▶ [Exercise aim] The pictures are to be omitted when the entries are reproduced exactly.
====
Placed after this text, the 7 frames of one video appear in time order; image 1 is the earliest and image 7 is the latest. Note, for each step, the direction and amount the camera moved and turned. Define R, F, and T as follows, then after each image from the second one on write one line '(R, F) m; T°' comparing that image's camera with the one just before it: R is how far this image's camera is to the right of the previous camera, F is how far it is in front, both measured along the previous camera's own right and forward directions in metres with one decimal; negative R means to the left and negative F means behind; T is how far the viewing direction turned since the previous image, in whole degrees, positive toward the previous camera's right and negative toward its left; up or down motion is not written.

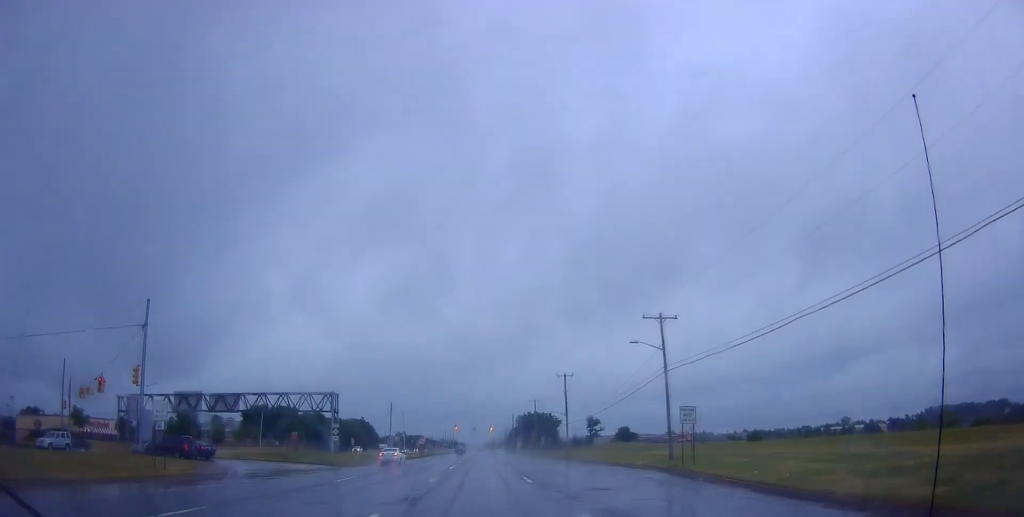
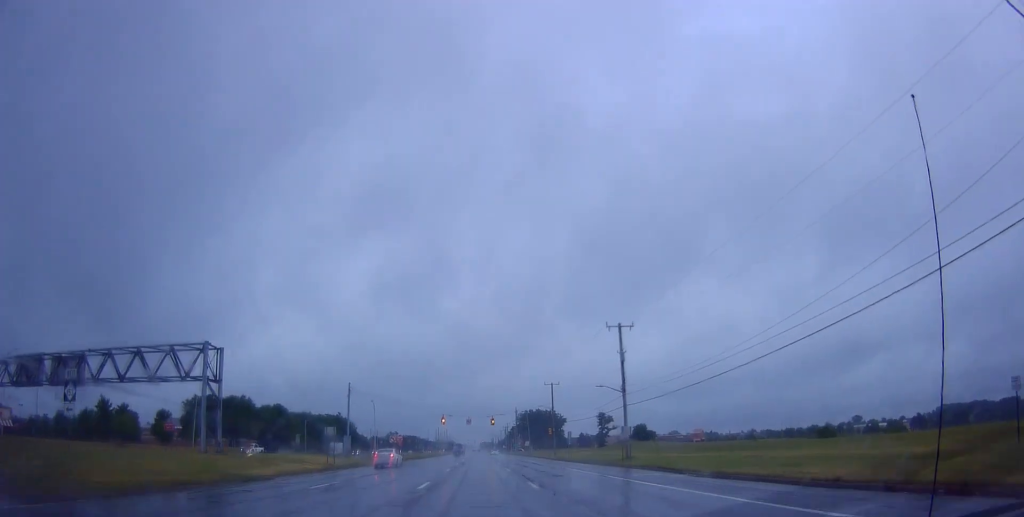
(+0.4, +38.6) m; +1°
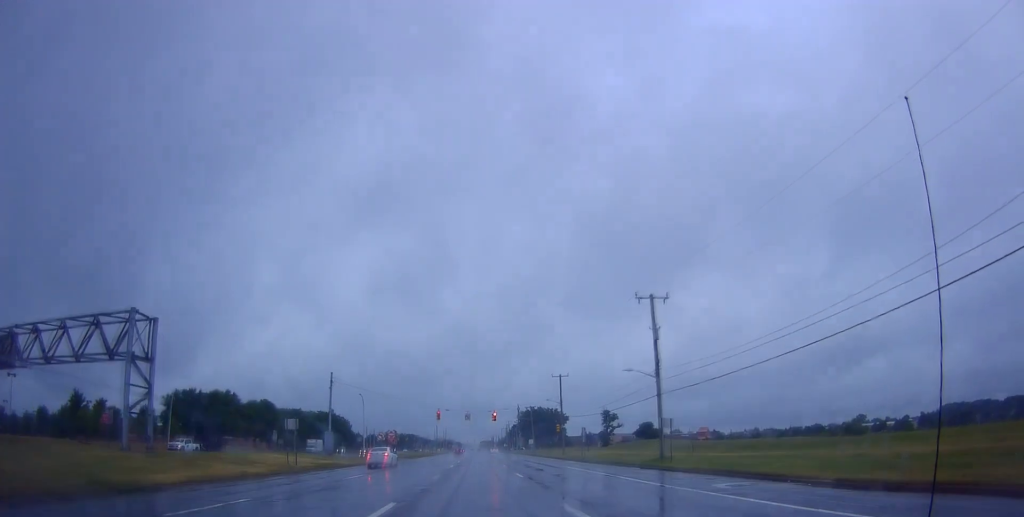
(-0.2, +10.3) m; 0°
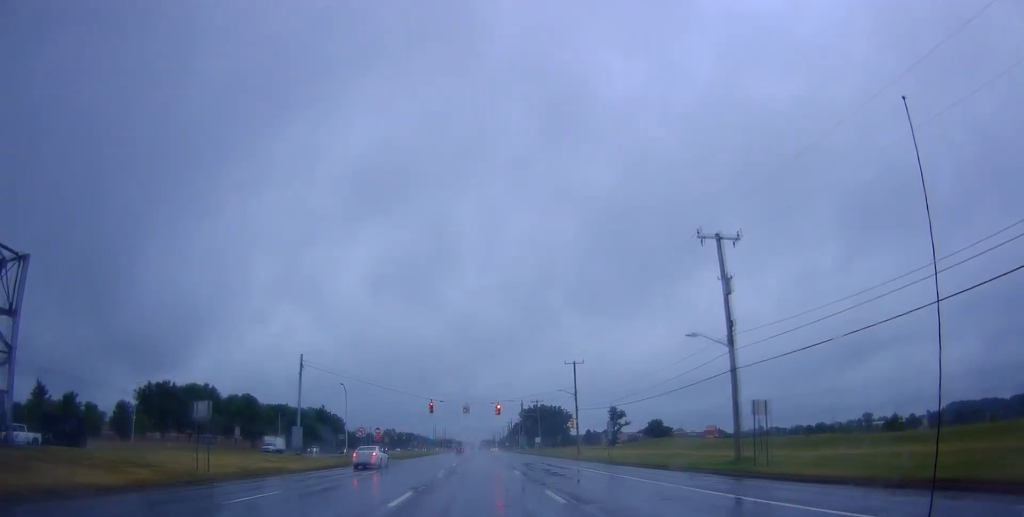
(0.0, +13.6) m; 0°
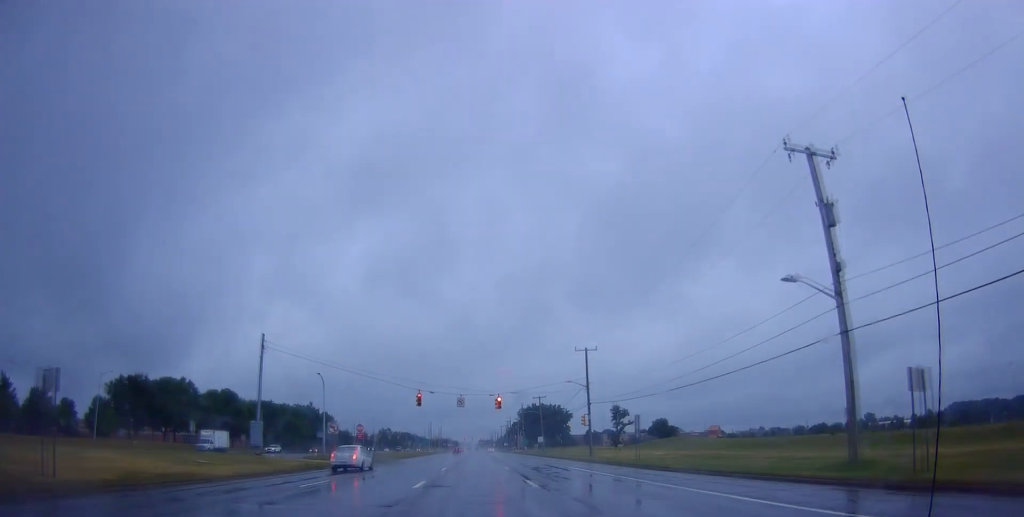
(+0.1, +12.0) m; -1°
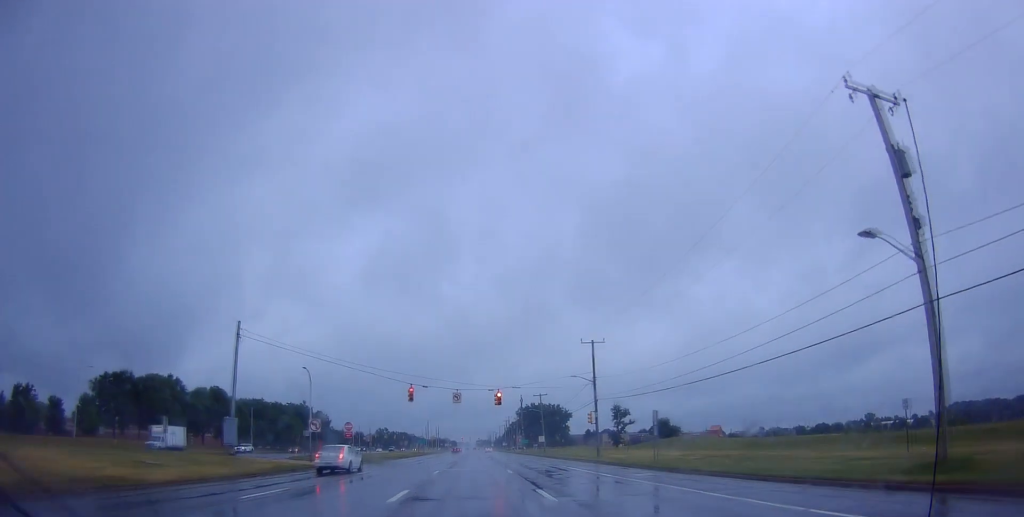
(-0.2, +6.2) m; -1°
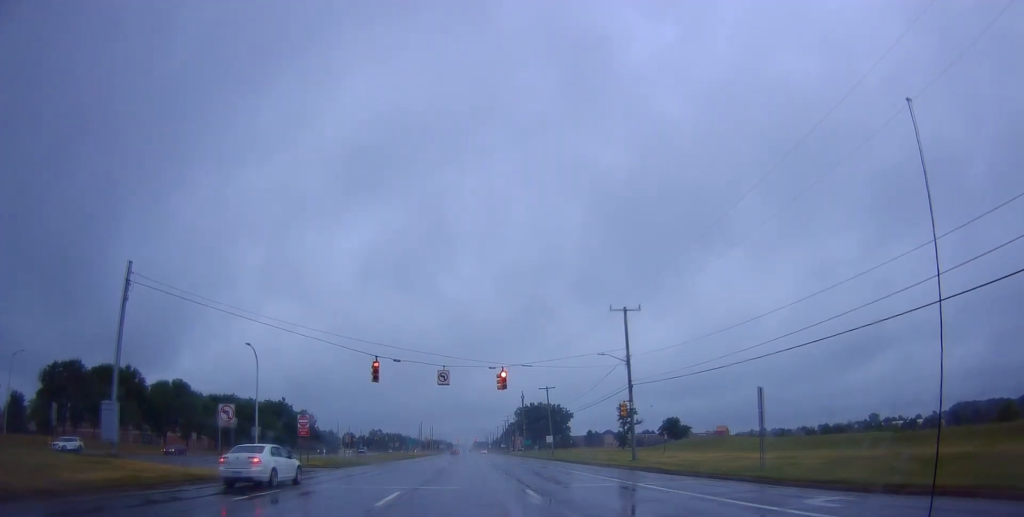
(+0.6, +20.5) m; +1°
====
▶ [Solution]
Placed after this text, the 7 frames of one video appear in time order; image 1 is the earliest and image 7 is the latest. Note, for each step, the direction and amount the camera moved and turned. Define R, F, and T as follows, then after each image from the second one on write one line '(R, F) m; T°' comparing that image's camera with the one just before it: R is how far this image's camera is to the right of the previous camera, F is how far it is in front, both measured along the previous camera's own right and forward directions in metres with one decimal; negative R means to the left and negative F means behind; T is how far the viewing direction turned since the previous image, in whole degrees, positive toward the previous camera's right and negative toward its left; up or down motion is not written.

(+0.4, +38.6) m; +1°
(-0.2, +10.3) m; 0°
(0.0, +13.6) m; 0°
(+0.1, +12.0) m; -1°
(-0.2, +6.2) m; -1°
(+0.6, +20.5) m; +1°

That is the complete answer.